Quantum error correction faces the fundamental challenge of leveraging error degeneracy to approach the quantum Hashing bound. This paper proposes a degeneracy-aware LDPC code iterative decoding framework that, for the first time, explicitly models and jointly optimizes the degenerate structure of quantum errors alongside high-order Galois-field LDPC code design. Extensive Monte Carlo simulations are conducted under the depolarizing channel. Compared to conventional decoders, our method achieves a threshold of 9.45% physical error rate at code rate 1/3 and logical size 104k qubits (312k physical qubits), with a frame error rate of 10⁻⁴—significantly closing the gap to the quantum Hashing bound. The core innovation lies in embedding degeneracy into the belief propagation process, enabling simultaneous breakthroughs in decoding performance and theoretical limit attainment at high code rates.

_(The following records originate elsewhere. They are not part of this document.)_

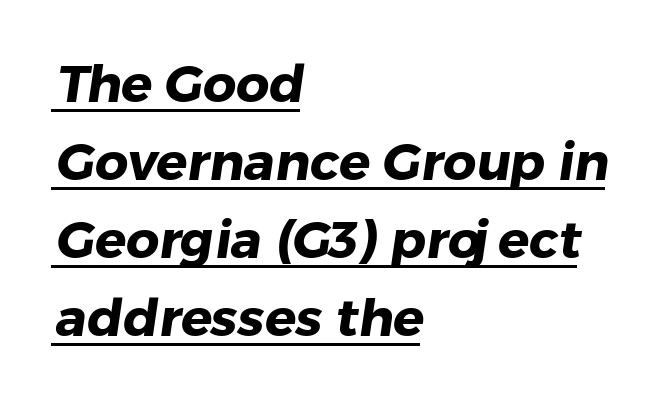
The image shows 52 px heavy sans-serif type; set left-aligned, normal line spacing (1.5x), normal letter spacing, underlined; low stroke contrast and a medium x-height.
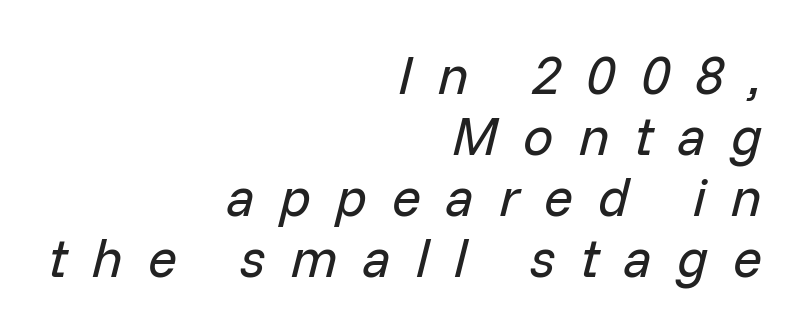
Q: Is the text bold? A: No.
Q: Is the text italic (slanted)? A: Yes, it leans right by about 14 degrees.
Q: Is the text underlined? A: No.
Q: How is the paragraph aligned? A: Right-aligned.
Q: Is the spacing between letters normal or unusually wide? A: Unusually wide.
Q: Is the spacing between lines tight, normal or loose? A: Tight.
Q: Width (condensed, normal, or wide)? A: Normal.
Q: Stroke contrast? A: Low.
Q: x-height? A: Medium.
Q: Monospaced? A: No.

Quantum error correction is essential for realizing scalable quantum computation. Among various approaches, low-density parity-check codes over higher-order Galois fields have shown promising performance due to their structured sparsity and compatibility with iterative decoding algorithms whose computational complexity scales linearly with the number of physical qubits. In this work, we demonstrate that explicitly exploiting the degeneracy of quantum errors can significantly enhance the decoding performance. Simulation results over the depolarizing channel indicate that the proposed method, at a coding rate of 1/3, achieves a frame error rate as low as $10^{-4}$ at a physical error rate of 9.45% for a code with 104,000 logical qubits and 312,000 physical qubits, approaching the quantum hashing bound. These findings highlight the critical role of degeneracy in closing the gap to the fundamental limits of quantum error correction.